The final program runs 8.8% faster than the version that is compiled without the custom alias analysis.

Conclusions

My custom alias analyser for GHC-generated code gives LLVM much more room for applying its existing powerful optimisation. There is plenty of scope for improvement, though:

  1. I’d really like people to report their experiences using with this alias analyser and the LLVM backend. Do you see a big speed boost on your data-parallel Haskell programs, for example?

  2. Of course, I would like this alias analyser to included with GHC so you can all seamlessly benefit from it. I’ll be working with GHC HQ to make this happen.

  3. I think there is still scope for getting even more useful information about GHC-generated code into LLVM. For example, currently LLVM is unable to eliminate stores to stack locations that we can see will never be accessed because we make a tail call to another function with a stack pointer that points above these locations. I can think of at least two ways to express this to LLVM, and this would produce another nice gain.

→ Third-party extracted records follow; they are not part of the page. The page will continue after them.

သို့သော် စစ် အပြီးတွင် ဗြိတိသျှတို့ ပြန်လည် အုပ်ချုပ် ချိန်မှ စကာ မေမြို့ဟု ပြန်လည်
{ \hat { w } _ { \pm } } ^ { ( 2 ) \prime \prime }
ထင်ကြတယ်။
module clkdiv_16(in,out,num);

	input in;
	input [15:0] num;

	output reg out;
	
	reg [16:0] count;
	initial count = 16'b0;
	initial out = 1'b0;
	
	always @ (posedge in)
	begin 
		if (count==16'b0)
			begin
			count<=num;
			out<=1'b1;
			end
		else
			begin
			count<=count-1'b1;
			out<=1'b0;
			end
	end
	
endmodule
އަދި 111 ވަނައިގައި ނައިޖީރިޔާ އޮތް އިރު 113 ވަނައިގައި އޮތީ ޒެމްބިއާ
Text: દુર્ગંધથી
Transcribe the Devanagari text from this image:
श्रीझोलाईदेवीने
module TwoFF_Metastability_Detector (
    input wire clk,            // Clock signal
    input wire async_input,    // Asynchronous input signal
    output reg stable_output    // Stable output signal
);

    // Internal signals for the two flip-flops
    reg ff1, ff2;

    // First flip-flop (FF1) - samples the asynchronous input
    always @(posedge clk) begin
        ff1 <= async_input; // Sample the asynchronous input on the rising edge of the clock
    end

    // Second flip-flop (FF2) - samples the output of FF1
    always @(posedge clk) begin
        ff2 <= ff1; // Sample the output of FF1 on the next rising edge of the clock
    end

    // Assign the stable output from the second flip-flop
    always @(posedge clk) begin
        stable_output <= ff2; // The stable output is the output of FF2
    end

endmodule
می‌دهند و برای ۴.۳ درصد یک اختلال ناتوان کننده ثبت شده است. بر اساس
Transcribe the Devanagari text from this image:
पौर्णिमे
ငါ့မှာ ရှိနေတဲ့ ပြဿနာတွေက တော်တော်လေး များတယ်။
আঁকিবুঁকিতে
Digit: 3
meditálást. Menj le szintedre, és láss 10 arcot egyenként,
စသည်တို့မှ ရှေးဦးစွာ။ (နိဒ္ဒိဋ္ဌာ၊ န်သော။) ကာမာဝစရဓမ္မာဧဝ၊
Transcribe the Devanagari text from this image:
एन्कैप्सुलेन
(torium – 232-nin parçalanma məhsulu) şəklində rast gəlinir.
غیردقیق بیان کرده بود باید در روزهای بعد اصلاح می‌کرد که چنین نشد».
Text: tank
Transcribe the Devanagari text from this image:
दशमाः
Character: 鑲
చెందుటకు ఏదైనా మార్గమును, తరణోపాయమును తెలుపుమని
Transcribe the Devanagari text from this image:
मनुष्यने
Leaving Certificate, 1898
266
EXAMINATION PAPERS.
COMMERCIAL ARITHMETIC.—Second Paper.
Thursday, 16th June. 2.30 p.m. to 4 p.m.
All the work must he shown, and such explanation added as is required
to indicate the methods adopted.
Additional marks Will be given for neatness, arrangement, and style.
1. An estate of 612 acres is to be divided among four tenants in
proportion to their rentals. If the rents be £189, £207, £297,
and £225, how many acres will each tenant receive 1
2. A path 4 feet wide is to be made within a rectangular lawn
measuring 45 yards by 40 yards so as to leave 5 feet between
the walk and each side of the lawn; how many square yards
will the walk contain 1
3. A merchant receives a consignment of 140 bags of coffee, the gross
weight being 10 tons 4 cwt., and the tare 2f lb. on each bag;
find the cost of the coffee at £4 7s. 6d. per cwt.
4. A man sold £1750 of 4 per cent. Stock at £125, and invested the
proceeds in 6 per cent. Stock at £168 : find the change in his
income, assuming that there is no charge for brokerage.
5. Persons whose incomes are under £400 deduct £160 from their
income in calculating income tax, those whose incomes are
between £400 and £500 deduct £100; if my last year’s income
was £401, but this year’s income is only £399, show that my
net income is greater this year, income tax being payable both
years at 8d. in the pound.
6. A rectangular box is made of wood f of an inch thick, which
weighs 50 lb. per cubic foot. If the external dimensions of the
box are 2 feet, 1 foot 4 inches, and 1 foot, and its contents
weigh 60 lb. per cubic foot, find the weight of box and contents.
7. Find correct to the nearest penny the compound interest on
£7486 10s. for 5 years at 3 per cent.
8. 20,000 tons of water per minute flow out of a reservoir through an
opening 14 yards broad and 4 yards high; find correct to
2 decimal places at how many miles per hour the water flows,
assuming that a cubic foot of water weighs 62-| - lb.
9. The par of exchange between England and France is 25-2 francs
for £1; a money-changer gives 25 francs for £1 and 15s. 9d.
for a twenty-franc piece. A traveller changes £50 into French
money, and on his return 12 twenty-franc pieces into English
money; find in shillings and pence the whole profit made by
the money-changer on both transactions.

If would also be great if we could teach LLVM something about the garbage collector, as currently if your loop does any allocation at all the presence of calls to the GC pessimises the output code a lot.

I was partly inspired to do this by Ben Lippmeier, whose paper at the Haskell Symposium this year had to do strength-reduction manually at the Haskell level because LLVM wasn’t working for him. I hope I’ve fixed that issue.

Performance problems were also a focus of the discussions about the future of Haskell at ICFP. I’ve been to these discussions three years in a row, and several topics keep cropping back up: performance, and the fact that Hackage 2.0 still isn’t released. I’ve grown tired of hearing so much talk about the issues with little-to-no action to resolve them, so I spent this post-ICFP week doing my best to fix them. I first wrote a documentation build bot for the Hackage 2.0 effort, and then moved on to the LLVM performance issues - if everyone helps to move these issues along then hopefully we can finally talk about some different problems next year!